**TASK TO CARRY OUT**
For the entries below, state how many lines include the string "rect", and write nothing besides that number.

**Collected data**
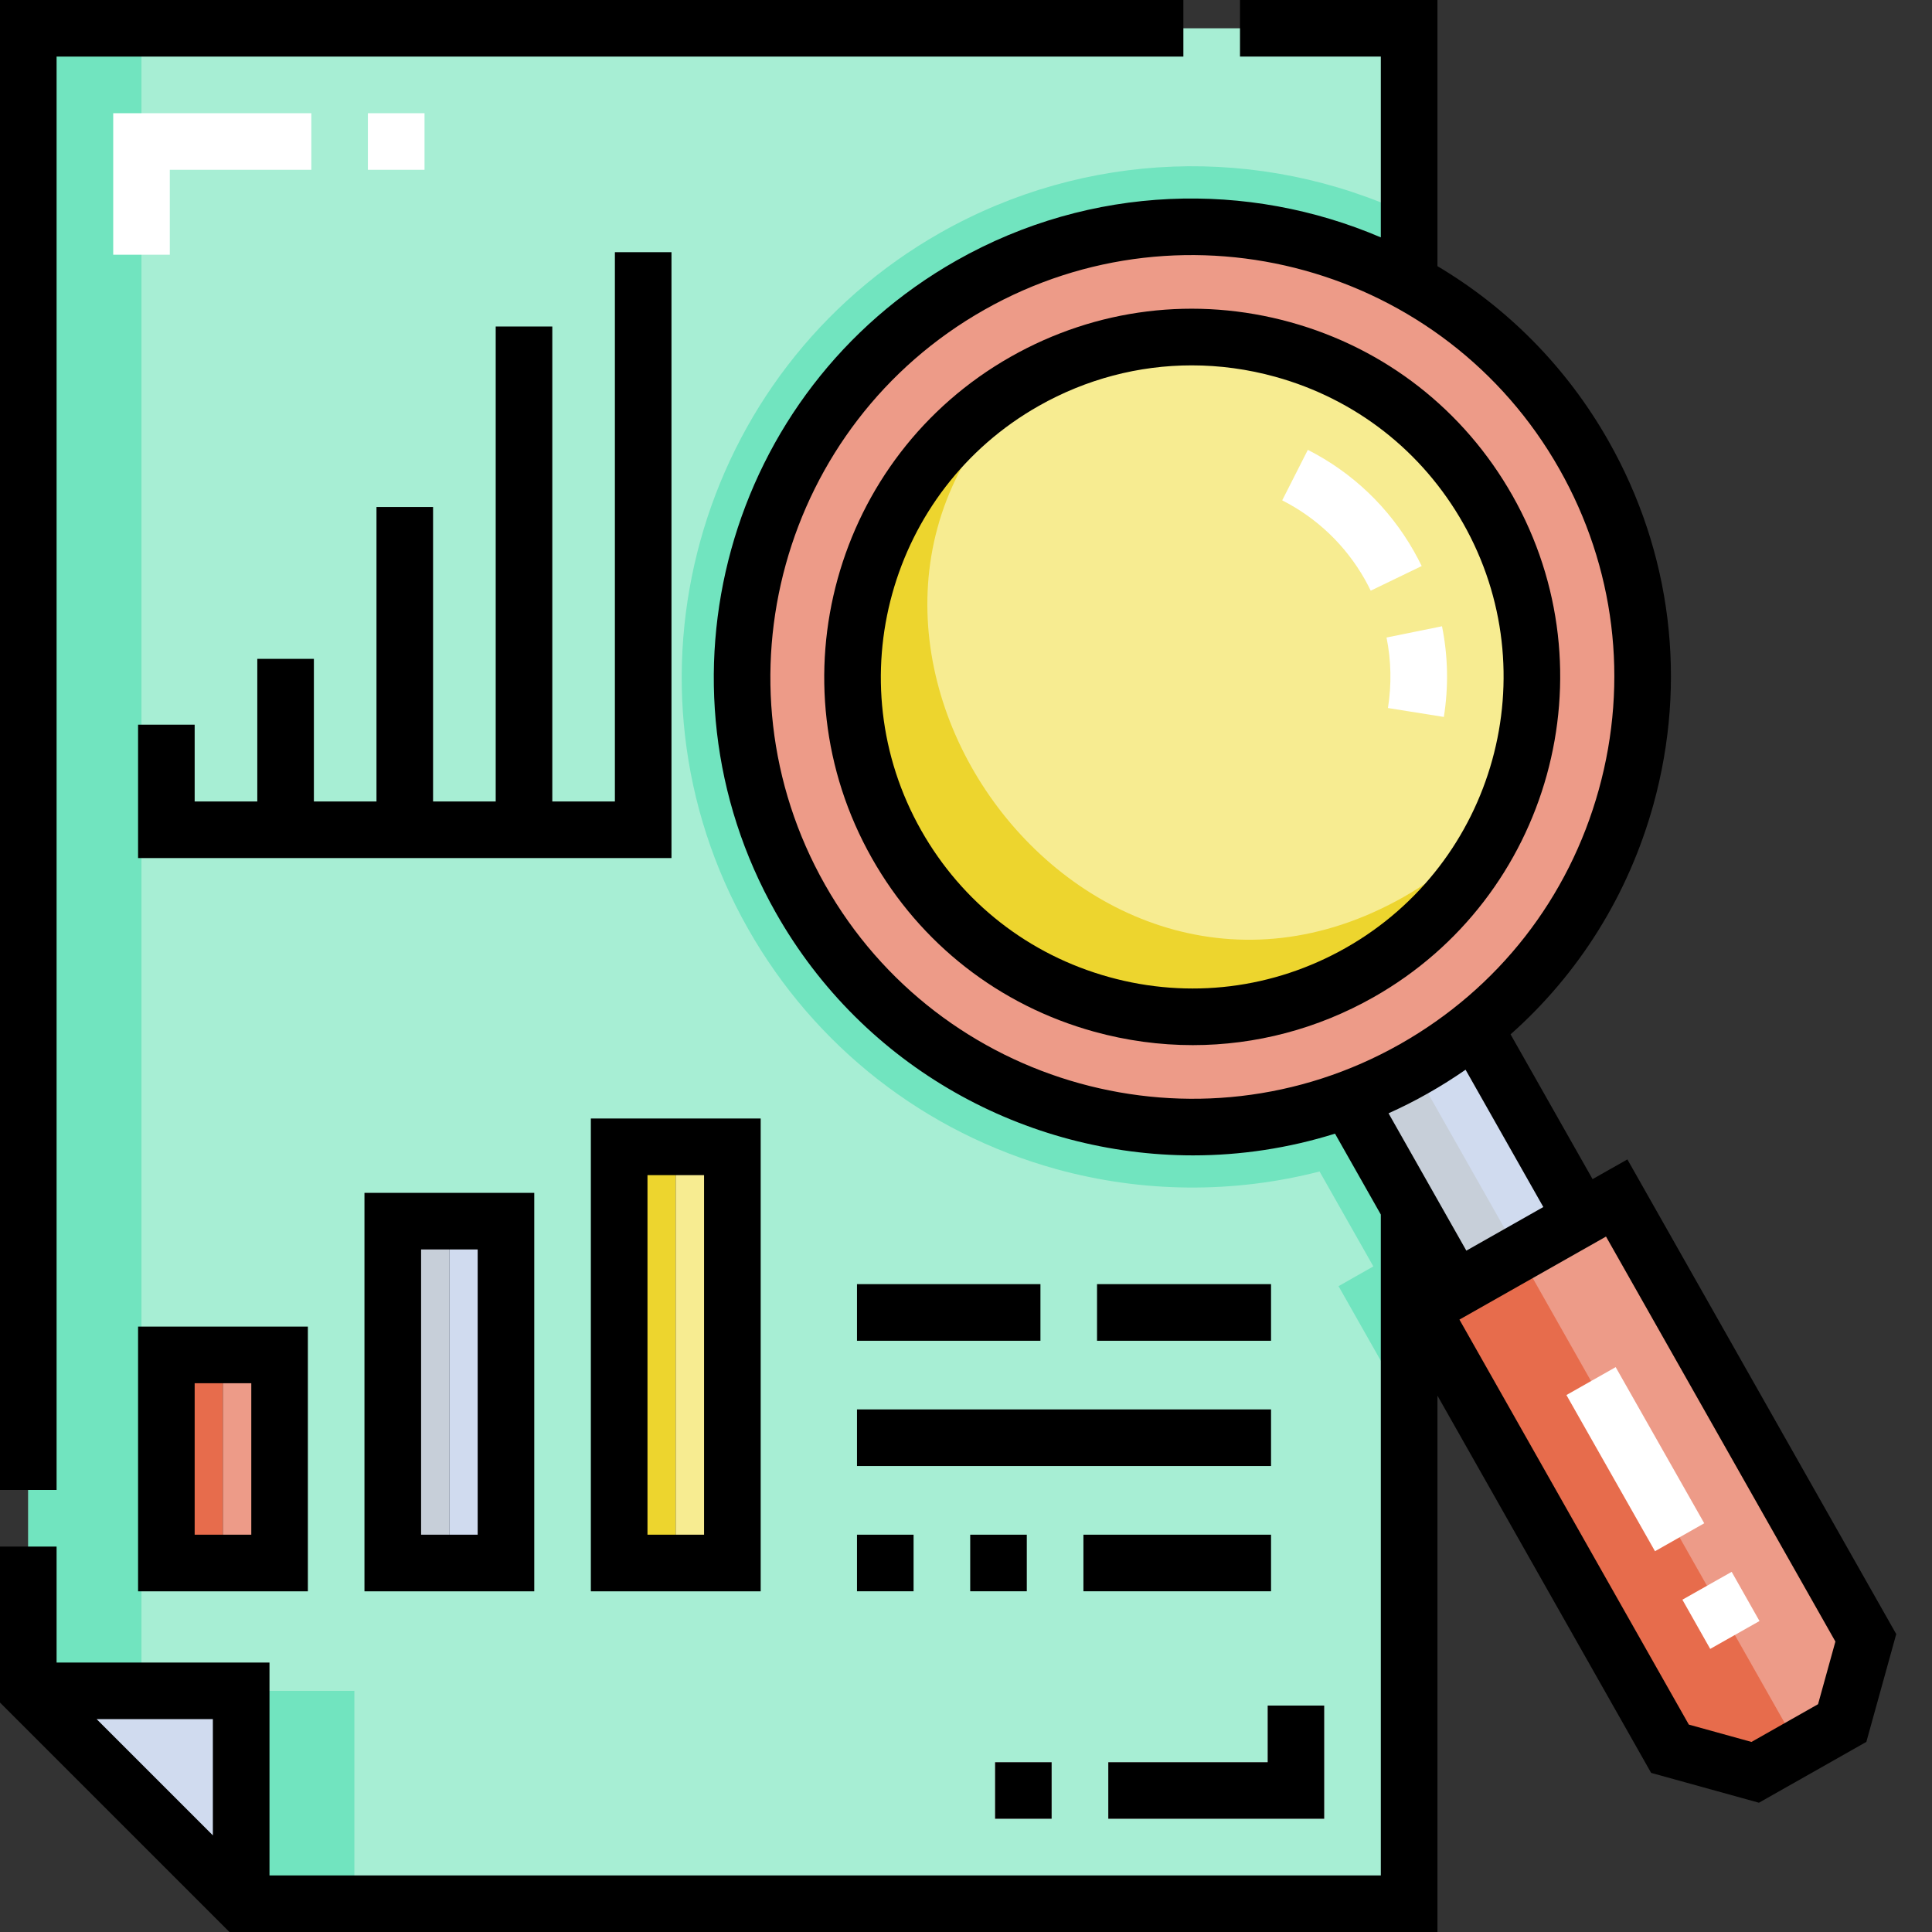 <svg width="45" height="45" viewBox="0 0 45 45" fill="none" xmlns="http://www.w3.org/2000/svg">
<rect x="0" y="0" width="45" height="45" fill="#333333" stroke="none"/>
<g clip-path="url(#clip0)">
<path fill-rule="evenodd" clip-rule="evenodd" d="M31.669 22.652C27.866 24.806 23.038 23.47 20.884 19.667C18.73 15.864 20.066 11.035 23.869 8.881C27.672 6.728 32.501 8.064 34.655 11.867C36.808 15.67 35.472 20.499 31.669 22.652ZM18.645 20.935C21.215 25.473 26.662 27.361 31.4 25.606C31.923 25.413 32.437 25.175 32.937 24.892C33.438 24.608 33.906 24.29 34.341 23.941C38.282 20.779 39.464 15.137 36.894 10.599C35.898 8.841 34.471 7.481 32.821 6.576C29.741 4.887 25.882 4.784 22.601 6.642C17.562 9.496 15.791 15.896 18.645 20.935Z" fill="#ED9B88"/>
<path fill-rule="evenodd" clip-rule="evenodd" d="M20.884 19.667C23.038 23.47 27.866 24.806 31.669 22.652C35.472 20.499 36.808 15.67 34.655 11.867C32.501 8.064 27.672 6.728 23.869 8.881C20.066 11.035 18.73 15.864 20.884 19.667Z" fill="#F7EC91"/>
<path fill-rule="evenodd" clip-rule="evenodd" d="M31.4 25.607L32.822 28.116L33.905 30.028L36.845 28.363L34.341 23.941C33.906 24.29 33.438 24.608 32.937 24.892C32.437 25.175 31.923 25.413 31.4 25.607Z" fill="#D0DBEF"/>
<path fill-rule="evenodd" clip-rule="evenodd" d="M33.094 30.487L38.897 40.732L40.882 41.281L41.895 40.707L42.909 40.133L43.459 38.148L37.656 27.903C36.135 28.765 34.615 29.626 33.094 30.487Z" fill="#ED9B88"/>
<path fill-rule="evenodd" clip-rule="evenodd" d="M32.694 20.892C25.046 25.225 17.463 14.365 24.215 8.696C19.41 11.113 18.41 17.743 22.288 21.471C26.269 25.3 33.081 23.839 35.123 18.689C34.491 19.591 33.652 20.35 32.694 20.892Z" fill="#EDD52E"/>
<path fill-rule="evenodd" clip-rule="evenodd" d="M33.905 30.028L34.888 29.471L35.375 29.195L32.937 24.892C32.437 25.175 31.923 25.413 31.4 25.607L32.822 28.116L33.905 30.028Z" fill="#C7CFD9"/>
<path fill-rule="evenodd" clip-rule="evenodd" d="M9.149 28.443H11.785V36.406H9.149V28.443ZM14.422 26.712H17.058V36.405H14.422V26.712ZM3.875 31.558H6.512V36.405H3.875V31.558ZM0.659 0.659V39.383H5.617V44.341H32.822V28.115L31.4 25.607C26.662 27.361 21.215 25.473 18.644 20.935C15.791 15.896 17.562 9.496 22.601 6.642C25.882 4.784 29.741 4.887 32.822 6.576V0.659C22.101 0.659 11.38 0.659 0.659 0.659Z" fill="#A7EED4"/>
<path fill-rule="evenodd" clip-rule="evenodd" d="M0.659 39.383L5.617 44.341V39.383H0.659Z" fill="#D0DBEF"/>
<path fill-rule="evenodd" clip-rule="evenodd" d="M3.875 31.559H5.193V36.406H3.875V31.559Z" fill="#E76C4C"/>
<path fill-rule="evenodd" clip-rule="evenodd" d="M9.149 28.443H10.467V36.405H9.149V28.443Z" fill="#C7CFD9"/>
<path fill-rule="evenodd" clip-rule="evenodd" d="M14.422 26.712H15.74V36.406H14.422V26.712Z" fill="#EDD52E"/>
<path fill-rule="evenodd" clip-rule="evenodd" d="M21.908 5.418C16.202 8.65 14.189 15.923 17.421 21.628C18.98 24.381 21.548 26.385 24.596 27.229C26.605 27.785 28.727 27.803 30.735 27.286L31.988 29.497L31.177 29.957L32.822 32.86V28.115L31.4 25.607C26.662 27.361 21.215 25.473 18.644 20.935C15.791 15.896 17.562 9.496 22.601 6.642C25.882 4.784 29.741 4.887 32.822 6.576V5C29.346 3.37 25.285 3.505 21.908 5.418Z" fill="#71E4BF"/>
<path fill-rule="evenodd" clip-rule="evenodd" d="M0.659 0.659H3.295V39.383H0.659V0.659Z" fill="#71E4BF"/>
<path fill-rule="evenodd" clip-rule="evenodd" d="M5.617 39.383H8.254V44.341H5.617V39.383Z" fill="#71E4BF"/>
<path fill-rule="evenodd" clip-rule="evenodd" d="M15.74 26.712H17.058V36.406H15.74V26.712Z" fill="#F7EC91"/>
<path fill-rule="evenodd" clip-rule="evenodd" d="M10.467 28.443H11.785V36.405H10.467V28.443Z" fill="#D0DBEF"/>
<path fill-rule="evenodd" clip-rule="evenodd" d="M5.193 31.559H6.512V36.406H5.193V31.559Z" fill="#ED9B88"/>
<path fill-rule="evenodd" clip-rule="evenodd" d="M35.375 29.196L33.905 30.028L33.094 30.487L38.897 40.732L40.882 41.281L41.895 40.707L35.375 29.196Z" fill="#E76C4C"/>
<path d="M30.844 42.363H25.814V41.045H29.526V39.726H30.844V42.363Z" fill="#FEFEFE"/>
<path d="M33.63 16.699L32.328 16.491C32.415 15.942 32.404 15.39 32.295 14.849L33.587 14.587C33.728 15.283 33.742 15.994 33.63 16.699ZM31.927 13.758C31.883 13.668 31.836 13.579 31.787 13.491C31.338 12.7 30.674 12.065 29.865 11.654L30.462 10.478C31.503 11.007 32.358 11.824 32.934 12.842C32.997 12.954 33.058 13.069 33.114 13.184L31.927 13.758Z" fill="white"/>
<path d="M23.177 41.045H24.495V42.363H23.177V41.045Z" fill="white"/>
<path d="M39.834 38.406L39.186 37.26L40.334 36.611L40.982 37.757L39.834 38.406ZM38.548 36.131L36.485 32.493L37.632 31.843L39.695 35.48L38.548 36.131Z" fill="white"/>
<path d="M3.955 5.933H2.637V2.637H7.251V3.955H3.955V5.933ZM9.888 3.955H8.569V2.637H9.888V3.955Z" fill="white"/>
<path d="M37.905 27.005L37.094 27.464L35.184 24.092C36.776 22.68 37.93 20.84 38.511 18.74C39.305 15.871 38.934 12.864 37.467 10.274C36.48 8.531 35.09 7.156 33.481 6.199V0H28.882V1.318H32.162V5.529C29.072 4.207 25.42 4.288 22.276 6.069C16.929 9.098 15.042 15.912 18.071 21.26C20.12 24.878 23.9 26.911 27.788 26.911C28.894 26.911 30.009 26.745 31.095 26.405L32.162 28.289V43.682H6.277V38.724H1.318V36.023H0V39.656L5.344 45H33.481V32.507L38.458 41.294L40.969 41.989L43.471 40.572L44.167 38.061L37.905 27.005ZM4.958 42.749L2.251 40.042H4.958V42.749ZM19.218 20.61C16.547 15.895 18.211 9.886 22.926 7.216C27.641 4.545 33.65 6.209 36.32 10.924C37.614 13.207 37.941 15.858 37.24 18.389C36.54 20.919 34.896 23.025 32.612 24.318C27.897 26.989 21.889 25.325 19.218 20.61ZM33.262 25.465C33.563 25.295 33.855 25.111 34.136 24.916L35.947 28.114L34.154 29.13L32.342 25.931C32.653 25.791 32.96 25.637 33.262 25.465ZM42.346 39.694L40.795 40.573L39.336 40.169L33.993 30.736L37.407 28.802L42.75 38.235L42.346 39.694Z" fill="black"/>
<path d="M35.228 11.542C34.1 9.55 32.263 8.116 30.056 7.505C27.849 6.894 25.537 7.179 23.544 8.308C19.431 10.637 17.98 15.879 20.31 19.992C21.438 21.984 23.275 23.418 25.482 24.029C26.242 24.239 27.014 24.343 27.782 24.343C29.244 24.343 30.688 23.966 31.994 23.226C36.107 20.896 37.558 15.655 35.228 11.542ZM31.344 22.079C29.658 23.034 27.701 23.275 25.834 22.758C23.966 22.241 22.412 21.028 21.457 19.342C19.486 15.862 20.714 11.426 24.194 9.455C25.299 8.829 26.521 8.51 27.758 8.51C28.408 8.51 29.061 8.598 29.704 8.776C31.572 9.293 33.126 10.506 34.081 12.192C36.052 15.672 34.825 20.108 31.344 22.079Z" fill="black"/>
<path d="M3.216 37.065H7.171V30.899H3.216V37.065ZM4.534 32.218H5.853V35.746H4.534V32.218Z" fill="black"/>
<path d="M12.444 37.065V27.784H8.489V37.065H12.444ZM9.808 29.102H11.126V35.746H9.808V29.102Z" fill="black"/>
<path d="M13.762 37.065H17.718V26.052H13.762V37.065ZM15.081 27.371H16.399V35.746H15.081V27.371Z" fill="black"/>
<path d="M1.318 1.318H27.563V0H0V34.704H1.318V1.318Z" fill="black"/>
<path d="M23.177 41.045H24.495V42.363H23.177V41.045Z" fill="black"/>
<path d="M30.844 39.726H29.526V41.045H25.814V42.363H30.844V39.726Z" fill="black"/>
<path d="M22.598 35.746H23.916V37.064H22.598V35.746Z" fill="black"/>
<path d="M19.961 35.746H21.279V37.064H19.961V35.746Z" fill="black"/>
<path d="M25.235 35.746H29.605V37.064H25.235V35.746Z" fill="black"/>
<path d="M19.961 32.828H29.605V34.147H19.961V32.828Z" fill="black"/>
<path d="M19.961 29.91H24.234V31.229H19.961V29.91Z" fill="black"/>
<path d="M25.552 29.91H29.605V31.229H25.552V29.91Z" fill="black"/>
<path d="M14.322 18.668H12.864V7.605H11.546V18.668H10.087V11.809H8.769V18.668H7.311V15.346H5.993V18.668H4.534V16.879H3.216V19.986H15.64V5.874H14.322V18.668Z" fill="black"/>
</g>
<defs>
<clipPath id="clip0">
<rect width="44.167" height="45" fill="white"/>
</clipPath>
</defs>
</svg>

**TASK RESULT**
2